Я специально заострил внимание читателя на девушках, работницах авиации по двум причинам: во-первых, потому, что во всех книгах о военной авиации любого жанра, в мемуарах, полухудожественных — аналогичных моей, художественных, о них ни слова, будто их там и не было, во-вторых, своим самоотверженным трудом они тоже внесли немалый вклад в борьбу за Победу и тоже имеют право на то, чтобы их имена были среди мужчин-фронтовиков, обрели бессмертие.
То фронтовое лето 1944 года для нашего полка штурмовой авиации оказалось исключительно знаменательным, ему было присвоено звание «Гвардейский, Львовский». Важным событием ознаменовался он и в моей фронтовой биографии: мне было присвоено высокое звание Героя Советского Союза. Продвинулся я к тому времени и по службе — от командира звена, замкомандира эскадрильи до командира эскадрильи и был уже в звании капитана. Назначение комэском — такое доверие командования было, как я уверен, не случайно. Я заслужил его, доказав свои способности в боях, в схватках с врагом, штурмовках — в общем, в выполнении сложнейших боевых заданий командования в качестве персонального летчика-штурмовика, командира и обязательно ведущего эскадрильи почти во всех операциях, проведенных за этот год.

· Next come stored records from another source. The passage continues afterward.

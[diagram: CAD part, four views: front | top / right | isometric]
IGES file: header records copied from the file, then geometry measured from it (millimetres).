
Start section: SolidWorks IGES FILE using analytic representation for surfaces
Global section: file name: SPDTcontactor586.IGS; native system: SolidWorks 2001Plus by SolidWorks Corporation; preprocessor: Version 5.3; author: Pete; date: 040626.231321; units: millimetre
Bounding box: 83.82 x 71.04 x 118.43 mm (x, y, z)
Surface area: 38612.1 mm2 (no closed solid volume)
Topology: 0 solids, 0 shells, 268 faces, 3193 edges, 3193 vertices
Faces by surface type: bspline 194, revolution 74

К тому времени, по свидетельству летной книжки «Бегельдинов совершил более ста тридцати успешно проведенных боевых вылетов, за что был удостоен ордена Отечественной войны II степени, ордена Красного Знамени, ордена Славы III степени, орденом Красного Знамени». Здесь же, в летной книжке, краткие записи в трех-четырех словах фиксирующие суть выполненных заданий и результат. Вот одна из них:
«17.5.44. Выполняя задание по разведке группа Т. Бегельдинова обнаружила в районе Шевченково, на станции, эшелон с техникой и боеприпасами. Несмотря на яростные атаки фашистских истребителей «Фоккевульфов», сбросила бомбы точно на цели, сожгла эшелон, вывела из строя выходные стрелки на линии, прервав движение поездов и, что не менее важно, звено полностью уничтожило всю оборудованную на станции противовоздушную оборону, разгромив все зенитные установки. Это дало возможность вылетевшим следом звеньям штурмовиков добивать, громить станцию беспрепятственно. План фашистского командования развернуть из этого района контрнаступление был сорван.

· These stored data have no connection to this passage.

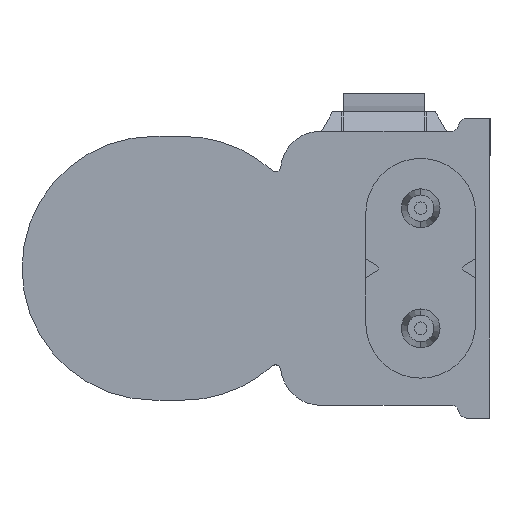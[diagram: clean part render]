
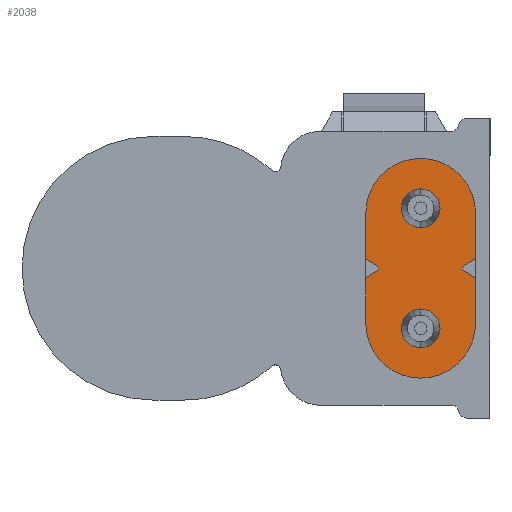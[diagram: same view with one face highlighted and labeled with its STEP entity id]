
A CAD part, left-side view. The second image highlights one B-rep face of the part: STEP entity #2038.
In plain terms, the highlighted planar face has unit normal (-1, 0, 0).
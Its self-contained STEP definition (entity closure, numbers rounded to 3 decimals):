
#20 = VERTEX_POINT ( 'NONE', #1054 ) ;
#88 = CARTESIAN_POINT ( 'NONE',  ( -422., 1.013, 0.75 ) ) ;
#104 = CARTESIAN_POINT ( 'NONE',  ( -422., 5.263, 4.648 ) ) ;
#108 = ORIENTED_EDGE ( 'NONE', *, *, #2061, .F. ) ;
#135 = VECTOR ( 'NONE', #2198, 1000. ) ;
#199 = CARTESIAN_POINT ( 'NONE',  ( -422., 9.513, -0.75 ) ) ;
#200 = ORIENTED_EDGE ( 'NONE', *, *, #1961, .T. ) ;
#209 = CARTESIAN_POINT ( 'NONE',  ( -422., 5.263, 4.25 ) ) ;
#216 = LINE ( 'NONE', #2965, #1881 ) ;
#232 = LINE ( 'NONE', #199, #135 ) ;
#245 = LINE ( 'NONE', #1103, #3639 ) ;
#283 = DIRECTION ( 'NONE',  ( 0., 0., -1. ) ) ;
#316 = EDGE_CURVE ( 'NONE', #1553, #1774, #390, .T. ) ;
#327 = DIRECTION ( 'NONE',  ( 1., 0., 0. ) ) ;
#390 = CIRCLE ( 'NONE', #502, 1.5 ) ;
#403 = VERTEX_POINT ( 'NONE', #1048 ) ;
#422 = DIRECTION ( 'NONE',  ( 0., 0., 1. ) ) ;
#454 = VECTOR ( 'NONE', #982, 1000. ) ;
#463 = CARTESIAN_POINT ( 'NONE',  ( -422., 8.584, 0.17 ) ) ;
#464 = VERTEX_POINT ( 'NONE', #2152 ) ;
#487 = CIRCLE ( 'NONE', #1199, 4.25 ) ;
#502 = AXIS2_PLACEMENT_3D ( 'NONE', #3535, #1580, #3851 ) ;
#528 = CARTESIAN_POINT ( 'NONE',  ( -422., 1.942, 0.17 ) ) ;
#535 = DIRECTION ( 'NONE',  ( 0., 0., -1. ) ) ;
#582 = CARTESIAN_POINT ( 'NONE',  ( -422., 5.263, 4.25 ) ) ;
#594 = AXIS2_PLACEMENT_3D ( 'NONE', #582, #1249, #3556 ) ;
#638 = CARTESIAN_POINT ( 'NONE',  ( -422., 9.513, 0.75 ) ) ;
#651 = ORIENTED_EDGE ( 'NONE', *, *, #2585, .F. ) ;
#667 = ORIENTED_EDGE ( 'NONE', *, *, #1672, .F. ) ;
#691 = VECTOR ( 'NONE', #3373, 1000. ) ;
#699 = AXIS2_PLACEMENT_3D ( 'NONE', #104, #2395, #422 ) ;
#704 = CARTESIAN_POINT ( 'NONE',  ( -422., 5.263, -4.648 ) ) ;
#721 = VERTEX_POINT ( 'NONE', #3713 ) ;
#769 = FACE_BOUND ( 'NONE', #1607, .T. ) ;
#913 = VECTOR ( 'NONE', #1568, 1000. ) ;
#923 = DIRECTION ( 'NONE',  ( 1., 0., 0. ) ) ;
#934 = CARTESIAN_POINT ( 'NONE',  ( -422., 1.013, -4.25 ) ) ;
#969 = VERTEX_POINT ( 'NONE', #4006 ) ;
#982 = DIRECTION ( 'NONE',  ( 0., -0.848, -0.53 ) ) ;
#1040 = AXIS2_PLACEMENT_3D ( 'NONE', #4210, #2253, #283 ) ;
#1043 = DIRECTION ( 'NONE',  ( 0., 0., 1. ) ) ;
#1048 = CARTESIAN_POINT ( 'NONE',  ( -422., 5.263, -6.148 ) ) ;
#1054 = CARTESIAN_POINT ( 'NONE',  ( -422., 5.263, 8.5 ) ) ;
#1103 = CARTESIAN_POINT ( 'NONE',  ( -422., 1.013, 4.25 ) ) ;
#1115 = EDGE_LOOP ( 'NONE', ( #3162, #2299 ) ) ;
#1117 = EDGE_CURVE ( 'NONE', #1774, #1553, #3449, .T. ) ;
#1158 = VERTEX_POINT ( 'NONE', #88 ) ;
#1175 = ORIENTED_EDGE ( 'NONE', *, *, #3410, .T. ) ;
#1199 = AXIS2_PLACEMENT_3D ( 'NONE', #2298, #327, #2640 ) ;
#1223 = CARTESIAN_POINT ( 'NONE',  ( -422., 9.513, 4.25 ) ) ;
#1232 = CARTESIAN_POINT ( 'NONE',  ( -422., 5.263, -4.648 ) ) ;
#1249 = DIRECTION ( 'NONE',  ( -1., 0., 0. ) ) ;
#1269 = DIRECTION ( 'NONE',  ( 1., 0., 0. ) ) ;
#1335 = EDGE_LOOP ( 'NONE', ( #2667, #1175, #1534, #651, #108, #4064, #2431, #4238, #1468, #200, #667, #2268, #4036 ) ) ;
#1340 = CARTESIAN_POINT ( 'NONE',  ( -422., 5.263, 6.148 ) ) ;
#1353 = EDGE_CURVE ( 'NONE', #2330, #403, #2447, .T. ) ;
#1406 = CARTESIAN_POINT ( 'NONE',  ( -422., 1.013, 4.25 ) ) ;
#1420 = EDGE_CURVE ( 'NONE', #2741, #1793, #3970, .T. ) ;
#1442 = LINE ( 'NONE', #638, #454 ) ;
#1468 = ORIENTED_EDGE ( 'NONE', *, *, #2037, .T. ) ;
#1476 = LINE ( 'NONE', #3159, #2243 ) ;
#1505 = EDGE_CURVE ( 'NONE', #1793, #721, #487, .T. ) ;
#1514 = AXIS2_PLACEMENT_3D ( 'NONE', #704, #2992, #1043 ) ;
#1534 = ORIENTED_EDGE ( 'NONE', *, *, #2875, .T. ) ;
#1553 = VERTEX_POINT ( 'NONE', #1340 ) ;
#1555 = CIRCLE ( 'NONE', #1040, 4.25 ) ;
#1568 = DIRECTION ( 'NONE',  ( 0., 0., 1. ) ) ;
#1578 = DIRECTION ( 'NONE',  ( 0., 0., 1. ) ) ;
#1580 = DIRECTION ( 'NONE',  ( -1., 0., 0. ) ) ;
#1591 = CARTESIAN_POINT ( 'NONE',  ( -422., 5.263, 3.148 ) ) ;
#1607 = EDGE_LOOP ( 'NONE', ( #3438, #3688 ) ) ;
#1669 = FACE_BOUND ( 'NONE', #1115, .T. ) ;
#1672 = EDGE_CURVE ( 'NONE', #721, #2517, #1476, .T. ) ;
#1697 = DIRECTION ( 'NONE',  ( 0., -0.848, 0.53 ) ) ;
#1769 = CIRCLE ( 'NONE', #4192, 0.2 ) ;
#1774 = VERTEX_POINT ( 'NONE', #1591 ) ;
#1793 = VERTEX_POINT ( 'NONE', #934 ) ;
#1881 = VECTOR ( 'NONE', #1697, 1000. ) ;
#1907 = VERTEX_POINT ( 'NONE', #4110 ) ;
#1961 = EDGE_CURVE ( 'NONE', #4218, #2517, #232, .T. ) ;
#1986 = LINE ( 'NONE', #2320, #2938 ) ;
#1987 = EDGE_CURVE ( 'NONE', #969, #1907, #2764, .T. ) ;
#2037 = EDGE_CURVE ( 'NONE', #2614, #4218, #1769, .T. ) ;
#2038 = ADVANCED_FACE ( 'NONE', ( #2521, #769, #1669 ), #2226, .T. ) ;
#2061 = EDGE_CURVE ( 'NONE', #20, #464, #1555, .T. ) ;
#2094 = DIRECTION ( 'NONE',  ( 0., 0., -1. ) ) ;
#2114 = EDGE_CURVE ( 'NONE', #969, #2614, #1442, .T. ) ;
#2152 = CARTESIAN_POINT ( 'NONE',  ( -422., 1.013, 4.25 ) ) ;
#2198 = DIRECTION ( 'NONE',  ( 0., 0.848, -0.53 ) ) ;
#2226 = PLANE ( 'NONE',  #594 ) ;
#2243 = VECTOR ( 'NONE', #4113, 1000. ) ;
#2253 = DIRECTION ( 'NONE',  ( 1., 0., 0. ) ) ;
#2268 = ORIENTED_EDGE ( 'NONE', *, *, #1505, .F. ) ;
#2298 = CARTESIAN_POINT ( 'NONE',  ( -422., 5.263, -4.25 ) ) ;
#2299 = ORIENTED_EDGE ( 'NONE', *, *, #3616, .F. ) ;
#2320 = CARTESIAN_POINT ( 'NONE',  ( -422., 1.013, -0.75 ) ) ;
#2330 = VERTEX_POINT ( 'NONE', #3561 ) ;
#2395 = DIRECTION ( 'NONE',  ( -1., 0., 0. ) ) ;
#2431 = ORIENTED_EDGE ( 'NONE', *, *, #1987, .F. ) ;
#2447 = CIRCLE ( 'NONE', #1514, 1.5 ) ;
#2502 = AXIS2_PLACEMENT_3D ( 'NONE', #209, #2514, #535 ) ;
#2514 = DIRECTION ( 'NONE',  ( 1., 0., 0. ) ) ;
#2517 = VERTEX_POINT ( 'NONE', #4013 ) ;
#2521 = FACE_OUTER_BOUND ( 'NONE', #1335, .T. ) ;
#2585 = EDGE_CURVE ( 'NONE', #464, #1158, #245, .T. ) ;
#2614 = VERTEX_POINT ( 'NONE', #463 ) ;
#2637 = CIRCLE ( 'NONE', #3678, 0.2 ) ;
#2640 = DIRECTION ( 'NONE',  ( 0., 0., -1. ) ) ;
#2660 = DIRECTION ( 'NONE',  ( 0., 0.848, 0.53 ) ) ;
#2667 = ORIENTED_EDGE ( 'NONE', *, *, #3909, .T. ) ;
#2741 = VERTEX_POINT ( 'NONE', #3485 ) ;
#2764 = LINE ( 'NONE', #1223, #913 ) ;
#2875 = EDGE_CURVE ( 'NONE', #3274, #1158, #216, .T. ) ;
#2884 = CARTESIAN_POINT ( 'NONE',  ( -422., 8.69, 0. ) ) ;
#2938 = VECTOR ( 'NONE', #2660, 1000. ) ;
#2965 = CARTESIAN_POINT ( 'NONE',  ( -422., 1.013, 0.75 ) ) ;
#2992 = DIRECTION ( 'NONE',  ( -1., 0., 0. ) ) ;
#3159 = CARTESIAN_POINT ( 'NONE',  ( -422., 9.513, 4.25 ) ) ;
#3162 = ORIENTED_EDGE ( 'NONE', *, *, #1353, .F. ) ;
#3210 = DIRECTION ( 'NONE',  ( 0., 0., -1. ) ) ;
#3229 = CARTESIAN_POINT ( 'NONE',  ( -422., 1.836, 0. ) ) ;
#3274 = VERTEX_POINT ( 'NONE', #528 ) ;
#3373 = DIRECTION ( 'NONE',  ( 0., 0., -1. ) ) ;
#3389 = AXIS2_PLACEMENT_3D ( 'NONE', #1232, #3532, #1578 ) ;
#3410 = EDGE_CURVE ( 'NONE', #3826, #3274, #2637, .T. ) ;
#3438 = ORIENTED_EDGE ( 'NONE', *, *, #1117, .F. ) ;
#3449 = CIRCLE ( 'NONE', #699, 1.5 ) ;
#3485 = CARTESIAN_POINT ( 'NONE',  ( -422., 1.013, -0.75 ) ) ;
#3532 = DIRECTION ( 'NONE',  ( -1., 0., 0. ) ) ;
#3535 = CARTESIAN_POINT ( 'NONE',  ( -422., 5.263, 4.648 ) ) ;
#3545 = EDGE_CURVE ( 'NONE', #1907, #20, #4173, .T. ) ;
#3556 = DIRECTION ( 'NONE',  ( 0., 0., -1. ) ) ;
#3561 = CARTESIAN_POINT ( 'NONE',  ( -422., 5.263, -3.148 ) ) ;
#3573 = DIRECTION ( 'NONE',  ( 0., 0., 1. ) ) ;
#3616 = EDGE_CURVE ( 'NONE', #403, #2330, #3960, .T. ) ;
#3639 = VECTOR ( 'NONE', #2094, 1000. ) ;
#3678 = AXIS2_PLACEMENT_3D ( 'NONE', #3229, #1269, #3573 ) ;
#3688 = ORIENTED_EDGE ( 'NONE', *, *, #316, .F. ) ;
#3713 = CARTESIAN_POINT ( 'NONE',  ( -422., 9.513, -4.25 ) ) ;
#3826 = VERTEX_POINT ( 'NONE', #3905 ) ;
#3851 = DIRECTION ( 'NONE',  ( 0., 0., 1. ) ) ;
#3905 = CARTESIAN_POINT ( 'NONE',  ( -422., 1.942, -0.17 ) ) ;
#3909 = EDGE_CURVE ( 'NONE', #2741, #3826, #1986, .T. ) ;
#3960 = CIRCLE ( 'NONE', #3389, 1.5 ) ;
#3970 = LINE ( 'NONE', #1406, #691 ) ;
#4006 = CARTESIAN_POINT ( 'NONE',  ( -422., 9.513, 0.75 ) ) ;
#4013 = CARTESIAN_POINT ( 'NONE',  ( -422., 9.513, -0.75 ) ) ;
#4036 = ORIENTED_EDGE ( 'NONE', *, *, #1420, .F. ) ;
#4064 = ORIENTED_EDGE ( 'NONE', *, *, #3545, .F. ) ;
#4110 = CARTESIAN_POINT ( 'NONE',  ( -422., 9.513, 4.25 ) ) ;
#4113 = DIRECTION ( 'NONE',  ( 0., 0., 1. ) ) ;
#4173 = CIRCLE ( 'NONE', #2502, 4.25 ) ;
#4192 = AXIS2_PLACEMENT_3D ( 'NONE', #2884, #923, #3210 ) ;
#4210 = CARTESIAN_POINT ( 'NONE',  ( -422., 5.263, 4.25 ) ) ;
#4218 = VERTEX_POINT ( 'NONE', #4232 ) ;
#4232 = CARTESIAN_POINT ( 'NONE',  ( -422., 8.584, -0.17 ) ) ;
#4238 = ORIENTED_EDGE ( 'NONE', *, *, #2114, .T. ) ;

О величине ответственности, возложенной на плечи вновь назначенного двадцатилетнего паренька, можно судить по объему работы. В составе эскадрильи три-четыре звена, в каждом по три-четыре «ИЛа» с экипажем из двух человек — летчик и стрелок. Это — норма, но в первой эскадрильи было и до восемнадцати-двадцати машин, по численности же личного состава эскадрилья приравнивается к пехотному батальону.
С новым назначением в моей жизни изменилось все. Если раньше, получив самолет, определив свое место в звене, в общем строю я нес ответственность перед командиром только за него, за умение использовать боевую машину, мощность ее мотора и вооружение, за выполнение заданий в одиночном полете, звеном и, конечно, еще я нес ответственность за себя самого. Это входило в каждое порученное мне боевое задание. При этом так и говорилось — сделай то-то, то-то, при этом сохрани машину от огня зенитчиков, от атак вражеских истребителей и точно по команде, в заданное время, кстати, нередко ограниченное запасом горючего, вернуться на аэродром.
Не очень усложнялись задачи у меня — командира звена: три-четыре твои машины, все на глазах — слева одна, справа две — или наоборот. Летчиков знаю — изучил как самого себя, потому и управляю звеном как будто своими двумя руками. Главное — слаженность в действиях экипажей. А она была, я старался постоянно добиваться ее.